About the Role

We are seeking an experienced Senior Infrastructure Engineer to lead the design, deployment, and maintenance of our on-premises Kubernetes-based data center infrastructure. This is a hands-on role encompassing physical hardware, virtualization, and cluster administration. You will ensure high availability, performance, and scalability while enabling secure and efficient workloads for both developers and operations.

Key Responsibilities:

Infrastructure Management (40%)

  • Design and maintain server, storage, and networking infrastructure across 2–4 data center racks
  • Manage rack layout, power distribution, and cooling systems
  • Perform hardware lifecycle management and capacity planning
  • Administer hypervisor environments (e.g., VMware vSphere, Proxmox, KVM)
  • Implement and maintain software-defined networking (SDN) and storage platforms

Kubernetes Cluster Administration (30%)

  • Deploy, monitor, and scale production Kubernetes clusters
  • Implement RBAC, network policies, and secure baseline configurations
  • Manage persistent storage using solutions such as Rook/Ceph or OpenEBS
  • Configure container networking layers (e.g., Cilium, Calico)
  • Ensure high availability, backup, and disaster recovery procedures

Monitoring & Performance Optimization (20%)

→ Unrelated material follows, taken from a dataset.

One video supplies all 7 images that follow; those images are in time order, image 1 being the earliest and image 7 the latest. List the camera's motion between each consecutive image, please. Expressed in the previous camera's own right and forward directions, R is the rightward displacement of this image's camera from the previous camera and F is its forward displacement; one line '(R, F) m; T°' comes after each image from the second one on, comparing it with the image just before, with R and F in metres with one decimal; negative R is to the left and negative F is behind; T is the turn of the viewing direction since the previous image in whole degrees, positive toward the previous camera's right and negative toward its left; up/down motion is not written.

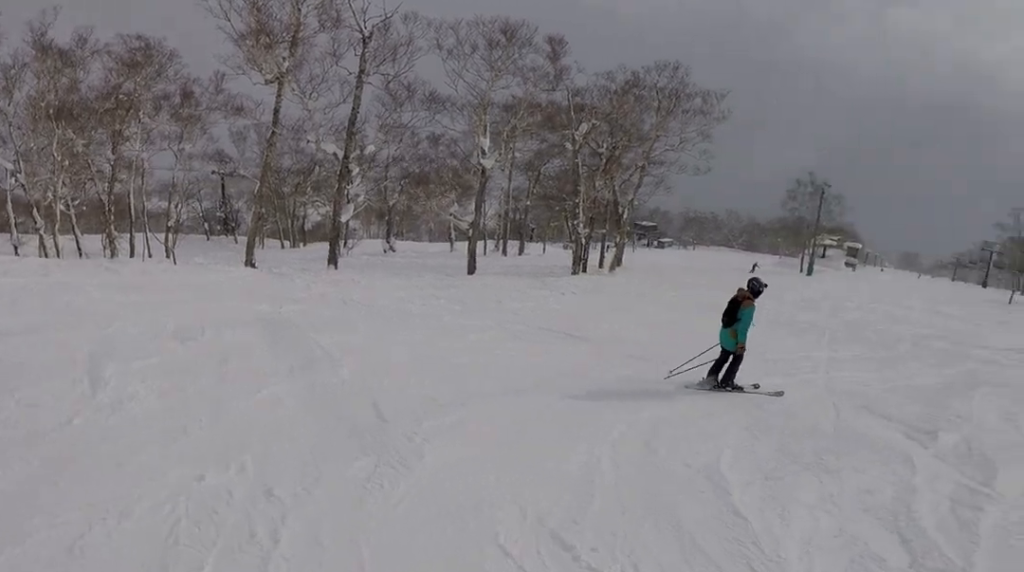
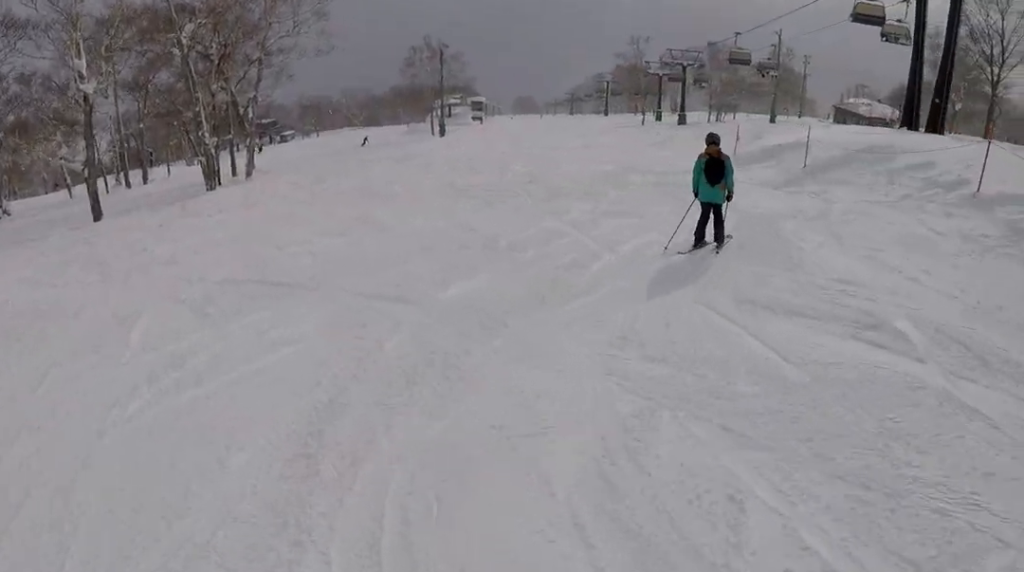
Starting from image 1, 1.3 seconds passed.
(+1.9, +4.1) m; +26°
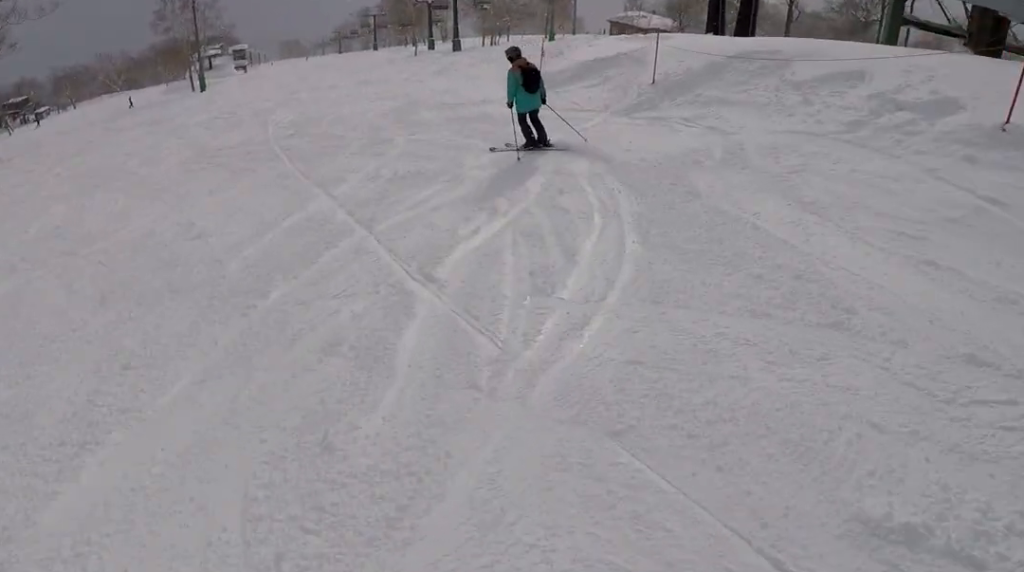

  • Set up observability stacks (Prometheus, Grafana, ELK)
  • Define alerting, incident response, and SLA compliance (target 99.9%+ uptime)
  • Conduct regular infrastructure performance tuning and cost/performance analysis
  • Maintain up-to-date infrastructure documentation

Collaboration & Support (10%)

  • Collaborate with development teams to optimize app performance and deployment
  • Participate in on-call rotation and root cause analysis reviews
  • Mentor junior engineers and promote operational best practices

Required Qualifications

Education & Experience

  • Bachelor’s degree in Computer Science, Engineering, or equivalent experience
  • 5+ years in infrastructure or systems engineering roles
  • 2+ years managing Kubernetes in production environments
  • Experience with hands-on data center hardware installation and operations

Technical Skills

  • Operating Systems: Strong Linux (Ubuntu, RHEL, Rocky)
  • Virtualization: VMware, KVM, or Proxmox
  • Containers: Docker, containerd, Kubernetes (CKA preferred)
  • Networking: VLANs, firewalls, TCP/IP, BGP, load balancing
  • Storage: SAN, NAS, Ceph, distributed storage systems
  • Scripting/Automation: Python, Bash, Go
  • IaC Tools: Terraform, Ansible
  • Observability: Prometheus, Grafana, ELK

Soft Skills

  • Analytical and methodical troubleshooting skills
  • Clear documentation and communication
  • Ability to independently manage projects and priorities

Preferred Qualifications

  • Kubernetes certifications (CKA, CKS)
  • Experience with bare-metal Kubernetes deployments
  • Familiarity with GitOps (ArgoCD, Flux)
  • Knowledge of service mesh architectures
  • Hardware vendor certifications (Dell, HPE, etc.)

Compensation & Benefits

  • Competitive salary based on experience and skillset
  • Health, dental, and vision insurance
  • Annual training and certification budget
  • Flexible working hours and on-call compensation
  • Hands-on experience with leading open-source tools and infrastructure

Working Conditions

  • On-site presence required for hardware maintenance and installation
  • Participation in on-call rotation (approximately 1 week per month)
  • Occasional after-hours maintenance windows
  • Physical ability to lift and rack equipment (up to 50 lbs)

How to Apply

Submit your resume and a cover letter outlining your experience in Kubernetes, infrastructure, or platform engineering. Highlight any relevant projects, open-source contributions, or certifications.